Interpenetrated nano- and submicro-fibrous biomimetic scaffolds towards enhanced mechanical and biological performances.

Developing fibrous scaffolds with hierarchical structures that closely mimic natural extracellular matrix (ECM) is highly desirable. However, fabricating scaffolds with true nanofibers (<100 nm) and submicrofibers (<1 μm) remains a big challenge. In this work, to mimic the fibrillar structure of natural ECM, bacterial cellulose (BC) nanofibers were hybridized with cellulose acetate (CA) submicrofibers for the first time. The interpenetrated nano-submicron fibrous BC/CA scaffold was fabricated using the combined electrospinning and modified in situ biosynthesis method. The BC/CA scaffold has an integrated symmetrical nanostructure in which BC nanofibers (42 nm in diameter) penetrate into the submicrofibrous CA (820 nm in diameter) scaffold. The BC/CA scaffold shows an interconnected porous structure with a high porosity of >90%. Additionally, the combination of CA submicrofibers with BC nanofibers leads to significantly improved mechanical properties over nanofibrous BC and submicrofibrous CA scaffolds and enlarged pores over nanofibrous BC scaffold.
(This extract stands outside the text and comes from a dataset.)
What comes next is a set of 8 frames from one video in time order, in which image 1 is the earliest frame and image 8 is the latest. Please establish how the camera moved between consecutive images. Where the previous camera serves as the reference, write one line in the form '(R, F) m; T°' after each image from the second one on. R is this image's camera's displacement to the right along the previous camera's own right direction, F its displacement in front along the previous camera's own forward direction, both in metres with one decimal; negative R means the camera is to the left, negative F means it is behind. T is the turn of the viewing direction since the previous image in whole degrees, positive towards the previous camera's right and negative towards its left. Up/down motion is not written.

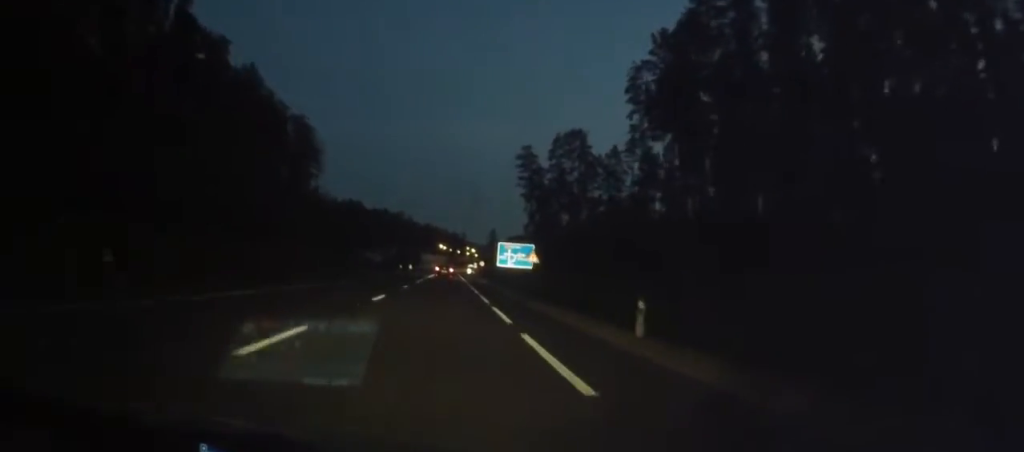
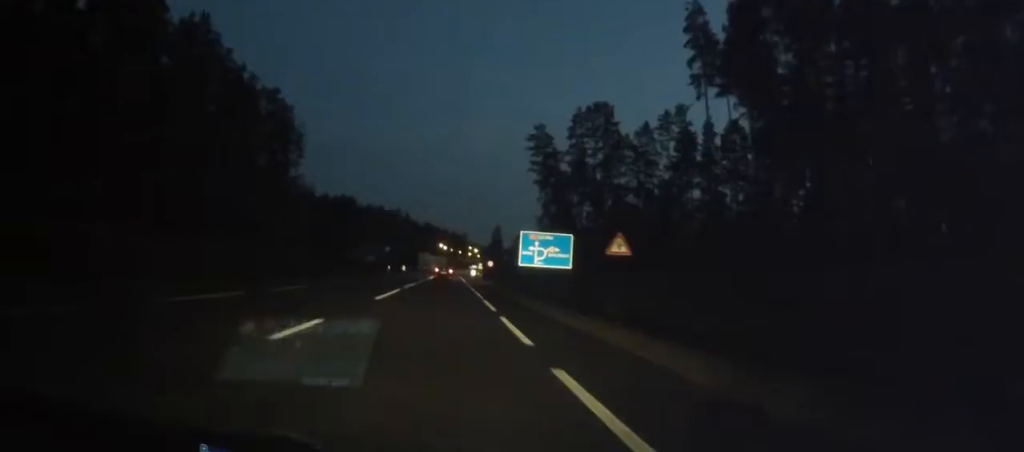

In addition, the biological behaviors of prepared BC/CA on MC3T3-E1 cells were investigated. Results suggested that BC/CA scaffold is beneficial for cell migration and proliferation. Moreover, the BC/CA scaffold shows higher alkaline phosphatase (ALP) activity, and calcium depositions. In addition, the hierarchical structures can effectively improve the expression of osteogenic gene (ALP mRNA and Runx2 mRNA) and protein (ALP). We believe that the methodology might provide biomimetic morphological microenvironments for enhanced tissue regeneration.